We plan to continue to develop facilities to support this user group, including: improving the output, script and log windows.

Owning our weaknesses

The review also highlights areas where R-Instat is currently weak.  Again some of these areas we were aware of, while others took us by surprise. Now they are pointed out, we can address them where possible or accept and mitigate against their effects.

Welcoming new users

In R-Instat, all changes to the data are done in R.  This is recorded as R commands and is an important feature of R-Instat.  It enables a comprehensive log file to be kept.  This provides a complete record of everything that was done.

By default we show the R commands in the output (results) window.  We have felt this does no harm and it shows that R-Instat is not a “black box”.  It shows there is a logical reason for any result, or change in the data.  However, we now recognise that, for some (many?) potential users, these commands are exactly why they don’t use R.  

This is not at all welcoming for some new users.  They plan to use just the “click and point” software and these commands can be daunting from the beginning.

Now you can right-click in the results window and turn them off each time (or use the Tools > Options dialog to set them off for the future.) But, we will now change the default, so more experienced users are encouraged to turn them on.

Furthermore, according to the reviewer, many users start learning a new package by typing in a small set of data.  This uses the first dialogue in the first menu, namely File > New Data Frame.  The default option in this dialogue indicates the power of R-Instat for those who are happy with R commands.  But, for everyone else, it is pretty daunting. 

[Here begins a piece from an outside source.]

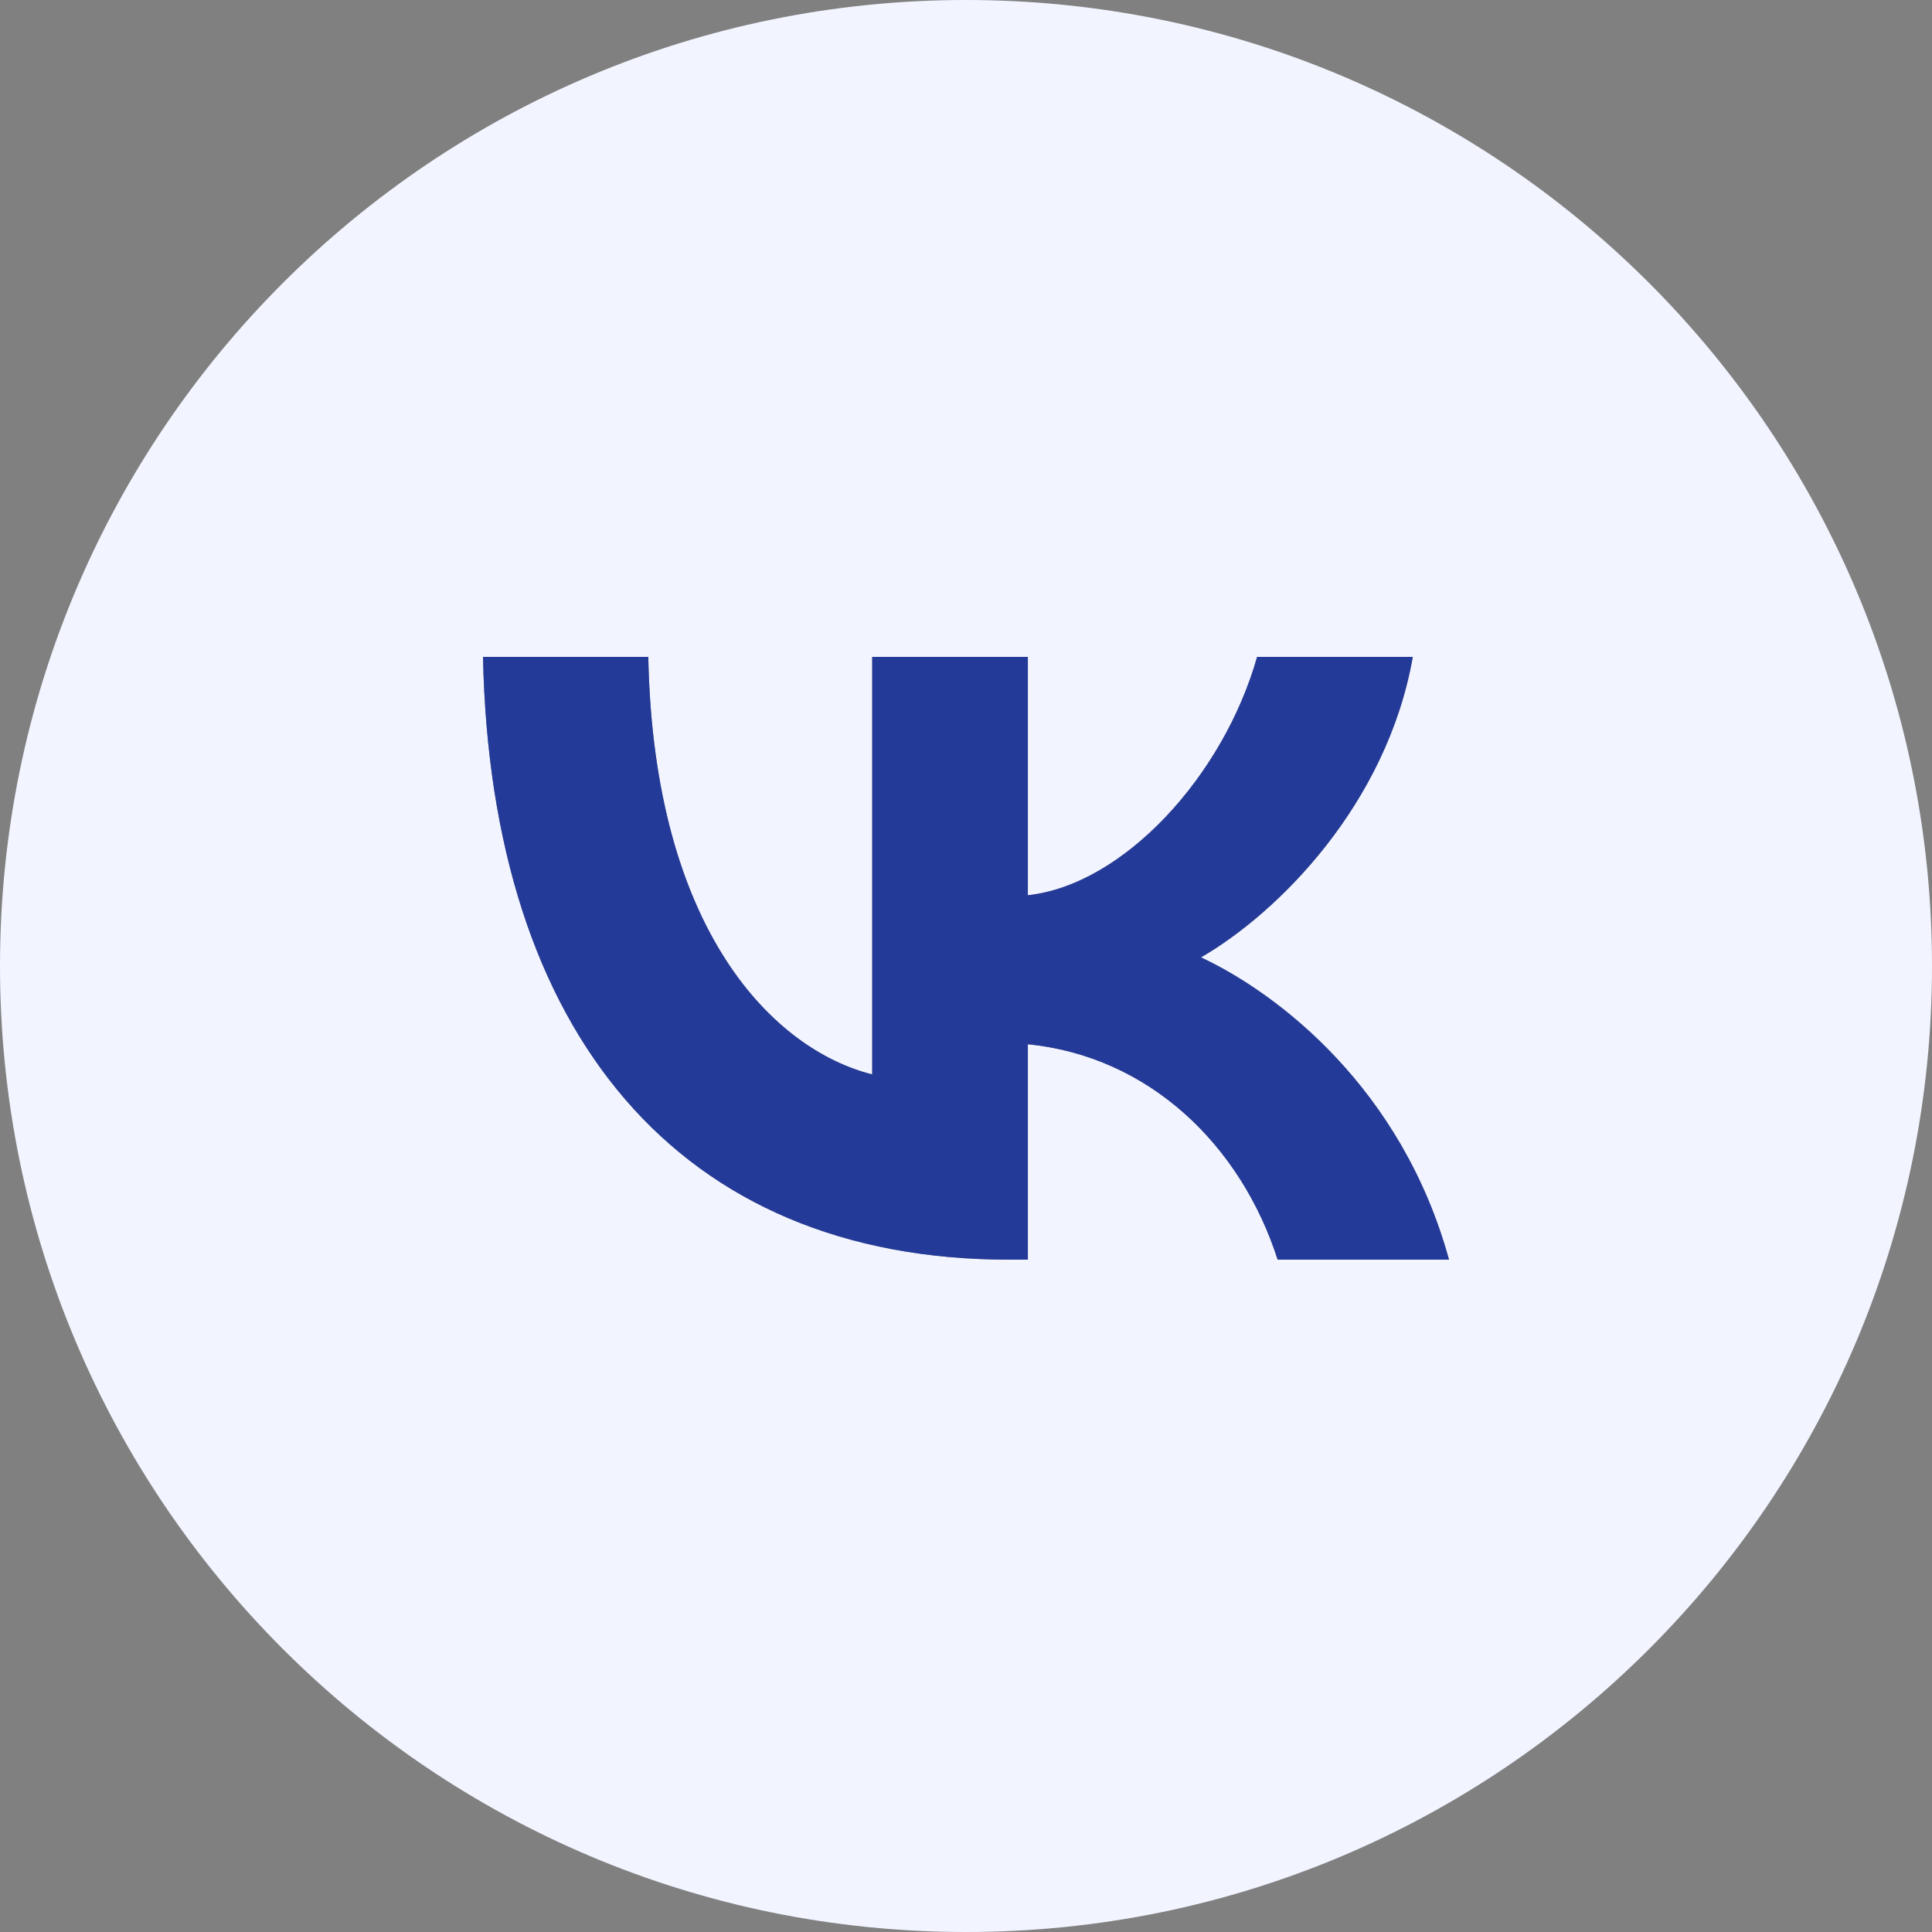 <?xml version="1.0" encoding="UTF-8"?> <svg xmlns="http://www.w3.org/2000/svg" width="49" height="49" viewBox="0 0 49 49" fill="none"><rect x="0" y="0" width="49" height="49" fill="#808080" stroke="none"/><g clip-path="url(#clip0_3179_149)"><path fill-rule="evenodd" clip-rule="evenodd" d="M24.5 49C38.031 49 49 38.031 49 24.5C49 10.969 38.031 0 24.5 0C10.969 0 0 10.969 0 24.5C0 38.031 10.969 49 24.5 49ZM25.594 31.948C17.224 31.948 12.449 26.209 12.25 16.66H16.442C16.581 23.669 19.672 26.637 22.121 27.249V16.66H26.069V22.705C28.487 22.444 31.026 19.69 31.883 16.66H35.832C35.174 20.394 32.419 23.149 30.46 24.281C32.419 25.199 35.556 27.602 36.75 31.948H32.404C31.47 29.04 29.145 26.791 26.069 26.485V31.948H25.594Z" fill="#F2F5FF"></path><path d="M12.25 16.66C12.449 26.209 17.224 31.948 25.594 31.948H26.069V26.485C29.145 26.791 31.47 29.04 32.404 31.948H36.75C35.556 27.602 32.419 25.199 30.46 24.281C32.419 23.149 35.174 20.394 35.832 16.66H31.883C31.026 19.69 28.487 22.444 26.069 22.705V16.66H22.121V27.249C19.672 26.637 16.581 23.669 16.442 16.66H12.25Z" fill="#243A99"></path></g><defs><clipPath id="clip0_3179_149"><rect width="49" height="49" fill="white"></rect></clipPath></defs></svg>

Thanks to this review, we will now, through the course of 2022, be making a number of changes to the default options of R-Instat to make it more welcoming for such an audience.

Ease of use

We strongly believe in “making it easy”, however the review has helped us to accept that we are not currently going to be able to make R-Instat easy to use for some audiences. This would require us to embrace simplicity from the perspective of specific user audiences, which we had not fully considered before.

Some simplicity would inevitably come at the expense of the deeper functionality we have prioritised. We have made the conscious choice to expose users to the incredible power of R on many occasions. We admit that there would be great value in hiding some of this power for some audiences and aim to eventually have multiple skins which could be tailored to the needs of a specific audience. This is a large task which we intend to pursue once we are happy with the general release, or upon special request.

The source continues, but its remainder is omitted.